TRY IT: With all images left out, restate the records below exactly as written.

#####

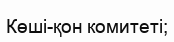
Көші-қон комитеті;
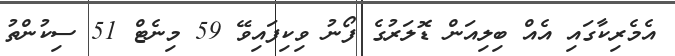
އެމެރިކާގައި އެއް ބިލިއަން ޑޮލަރުގެ ފޯނު ވިކިފައިވޭ 59 މިނެޓް 51 ސިކުންތު
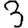
Digit: 3
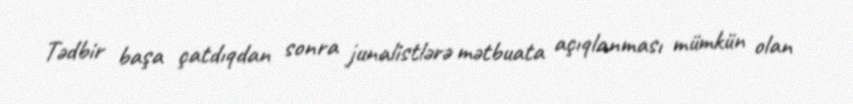
Tədbir başa çatdıqdan sonra junalistlərə mətbuata açıqlanması mümkün olan
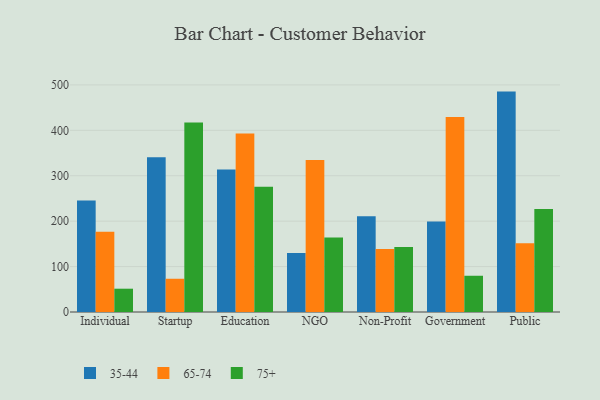
{"axis": {"x": "Segment", "y": "Energy Usage (MWh)"}, "legend": ["35-44", "65-74", "75+"], "data": [{"x": "Individual", "y": 245.3, "type": "35-44"}, {"x": "Individual", "y": 176.5, "type": "65-74"}, {"x": "Individual", "y": 51.3, "type": "75+"}, {"x": "Startup", "y": 340.9, "type": "35-44"}, {"x": "Startup", "y": 73.2, "type": "65-74"}, {"x": "Startup", "y": 417.0, "type": "75+"}, {"x": "Education", "y": 313.5, "type": "35-44"}, {"x": "Education", "y": 393.3, "type": "65-74"}, {"x": "Education", "y": 275.7, "type": "75+"}, {"x": "NGO", "y": 129.7, "type": "35-44"}, {"x": "NGO", "y": 334.7, "type": "65-74"}, {"x": "NGO", "y": 164.1, "type": "75+"}, {"x": "Non-Profit", "y": 210.8, "type": "35-44"}, {"x": "Non-Profit", "y": 138.7, "type": "65-74"}, {"x": "Non-Profit", "y": 143.2, "type": "75+"}, {"x": "Government", "y": 199.2, "type": "35-44"}, {"x": "Government", "y": 429.1, "type": "65-74"}, {"x": "Government", "y": 79.8, "type": "75+"}, {"x": "Public", "y": 485.3, "type": "35-44"}, {"x": "Public", "y": 151.2, "type": "65-74"}, {"x": "Public", "y": 226.8, "type": "75+"}]}
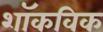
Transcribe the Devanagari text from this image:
शॉकविक
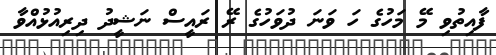
ފާއިތުވި މޭ މަހުގެ ހަ ވަނަ ދުވަހުގެ ރޭ ރައީސް ނަޝީދު ދިރިއުޅުއްވާ
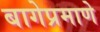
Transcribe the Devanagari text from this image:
बागेप्रमाणे
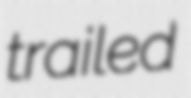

#####

RESULT OF THE TASK:
Көші-қон комитеті;
އެމެރިކާގައި އެއް ބިލިއަން ޑޮލަރުގެ ފޯނު ވިކިފައިވޭ 59 މިނެޓް 51 ސިކުންތު
Digit: 3
Tədbir başa çatdıqdan sonra junalistlərə mətbuata açıqlanması mümkün olan
{"axis": {"x": "Segment", "y": "Energy Usage (MWh)"}, "legend": ["35-44", "65-74", "75+"], "data": [{"x": "Individual", "y": 245.3, "type": "35-44"}, {"x": "Individual", "y": 176.5, "type": "65-74"}, {"x": "Individual", "y": 51.3, "type": "75+"}, {"x": "Startup", "y": 340.9, "type": "35-44"}, {"x": "Startup", "y": 73.2, "type": "65-74"}, {"x": "Startup", "y": 417.0, "type": "75+"}, {"x": "Education", "y": 313.5, "type": "35-44"}, {"x": "Education", "y": 393.3, "type": "65-74"}, {"x": "Education", "y": 275.7, "type": "75+"}, {"x": "NGO", "y": 129.7, "type": "35-44"}, {"x": "NGO", "y": 334.7, "type": "65-74"}, {"x": "NGO", "y": 164.1, "type": "75+"}, {"x": "Non-Profit", "y": 210.8, "type": "35-44"}, {"x": "Non-Profit", "y": 138.7, "type": "65-74"}, {"x": "Non-Profit", "y": 143.2, "type": "75+"}, {"x": "Government", "y": 199.2, "type": "35-44"}, {"x": "Government", "y": 429.1, "type": "65-74"}, {"x": "Government", "y": 79.8, "type": "75+"}, {"x": "Public", "y": 485.3, "type": "35-44"}, {"x": "Public", "y": 151.2, "type": "65-74"}, {"x": "Public", "y": 226.8, "type": "75+"}]}
Transcribe the Devanagari text from this image:
शॉकविक
ފާއިތުވި މޭ މަހުގެ ހަ ވަނަ ދުވަހުގެ ރޭ ރައީސް ނަޝީދު ދިރިއުޅުއްވާ
Transcribe the Devanagari text from this image:
बागेप्रमाणे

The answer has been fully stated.